─── SOURCE DATA ───

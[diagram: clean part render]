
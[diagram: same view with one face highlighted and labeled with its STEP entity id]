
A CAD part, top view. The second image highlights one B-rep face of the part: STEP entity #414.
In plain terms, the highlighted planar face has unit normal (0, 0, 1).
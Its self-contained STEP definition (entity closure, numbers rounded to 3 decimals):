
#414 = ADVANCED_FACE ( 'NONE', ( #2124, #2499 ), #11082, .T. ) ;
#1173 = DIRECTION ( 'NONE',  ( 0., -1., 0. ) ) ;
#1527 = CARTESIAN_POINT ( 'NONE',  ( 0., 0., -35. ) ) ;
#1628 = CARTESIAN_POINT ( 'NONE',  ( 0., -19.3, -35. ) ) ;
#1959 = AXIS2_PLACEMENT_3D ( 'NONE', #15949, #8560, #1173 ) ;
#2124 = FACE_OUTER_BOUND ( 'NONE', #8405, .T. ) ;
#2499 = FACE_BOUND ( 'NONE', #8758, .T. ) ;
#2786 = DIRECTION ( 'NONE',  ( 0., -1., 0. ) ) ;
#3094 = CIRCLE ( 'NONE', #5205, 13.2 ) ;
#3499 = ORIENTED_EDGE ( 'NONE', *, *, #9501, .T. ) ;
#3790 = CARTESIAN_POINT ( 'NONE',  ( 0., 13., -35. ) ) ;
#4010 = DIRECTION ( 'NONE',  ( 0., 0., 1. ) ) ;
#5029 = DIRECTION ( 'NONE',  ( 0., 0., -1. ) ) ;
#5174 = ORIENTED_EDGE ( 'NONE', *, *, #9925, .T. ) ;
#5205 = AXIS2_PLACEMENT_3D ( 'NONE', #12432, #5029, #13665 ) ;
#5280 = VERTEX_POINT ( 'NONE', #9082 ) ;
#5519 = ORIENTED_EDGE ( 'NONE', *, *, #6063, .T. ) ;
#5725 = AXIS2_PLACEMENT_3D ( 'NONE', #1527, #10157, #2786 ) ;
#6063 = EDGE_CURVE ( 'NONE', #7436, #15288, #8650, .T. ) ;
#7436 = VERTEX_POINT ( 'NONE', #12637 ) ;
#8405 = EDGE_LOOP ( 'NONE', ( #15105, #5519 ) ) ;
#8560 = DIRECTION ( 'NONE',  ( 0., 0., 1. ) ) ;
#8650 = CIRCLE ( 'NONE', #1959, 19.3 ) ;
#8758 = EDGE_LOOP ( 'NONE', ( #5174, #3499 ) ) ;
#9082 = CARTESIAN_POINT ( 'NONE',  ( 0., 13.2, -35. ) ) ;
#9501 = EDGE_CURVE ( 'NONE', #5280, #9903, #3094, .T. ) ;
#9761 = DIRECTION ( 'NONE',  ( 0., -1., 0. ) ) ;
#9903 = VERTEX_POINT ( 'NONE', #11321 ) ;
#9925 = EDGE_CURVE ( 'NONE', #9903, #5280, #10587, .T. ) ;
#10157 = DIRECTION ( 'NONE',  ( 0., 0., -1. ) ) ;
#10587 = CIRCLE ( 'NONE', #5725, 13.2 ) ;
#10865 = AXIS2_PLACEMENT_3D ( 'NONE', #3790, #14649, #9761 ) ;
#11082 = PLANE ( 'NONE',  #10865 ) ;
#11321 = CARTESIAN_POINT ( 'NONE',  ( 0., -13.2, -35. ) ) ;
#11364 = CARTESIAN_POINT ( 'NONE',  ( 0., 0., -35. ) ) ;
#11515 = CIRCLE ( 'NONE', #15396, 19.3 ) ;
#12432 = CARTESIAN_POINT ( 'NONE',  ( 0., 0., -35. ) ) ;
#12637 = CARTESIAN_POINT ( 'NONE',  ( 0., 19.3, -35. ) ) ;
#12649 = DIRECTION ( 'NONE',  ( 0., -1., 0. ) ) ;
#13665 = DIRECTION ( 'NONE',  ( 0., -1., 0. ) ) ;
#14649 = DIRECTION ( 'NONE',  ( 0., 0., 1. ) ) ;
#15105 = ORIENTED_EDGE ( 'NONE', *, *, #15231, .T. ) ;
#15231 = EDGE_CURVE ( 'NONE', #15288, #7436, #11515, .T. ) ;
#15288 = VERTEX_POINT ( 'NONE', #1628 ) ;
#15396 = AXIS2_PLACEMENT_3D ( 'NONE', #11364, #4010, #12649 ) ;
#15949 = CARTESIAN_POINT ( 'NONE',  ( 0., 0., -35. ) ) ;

───

-- WHAT NEEDS TO BE DONE --
Set down each line exactly as it appears, starting at the top of the data and ending at the line containing "Its self-contained STEP", and include no other lines.

-- SOLUTION TO THE EXERCISE --
[diagram: clean part render]
[diagram: same view with one face highlighted and labeled with its STEP entity id]
A CAD part, top view. The second image highlights one B-rep face of the part: STEP entity #414.
In plain terms, the highlighted planar face has unit normal (0, 0, 1).
Its self-contained STEP definition (entity closure, numbers rounded to 3 decimals):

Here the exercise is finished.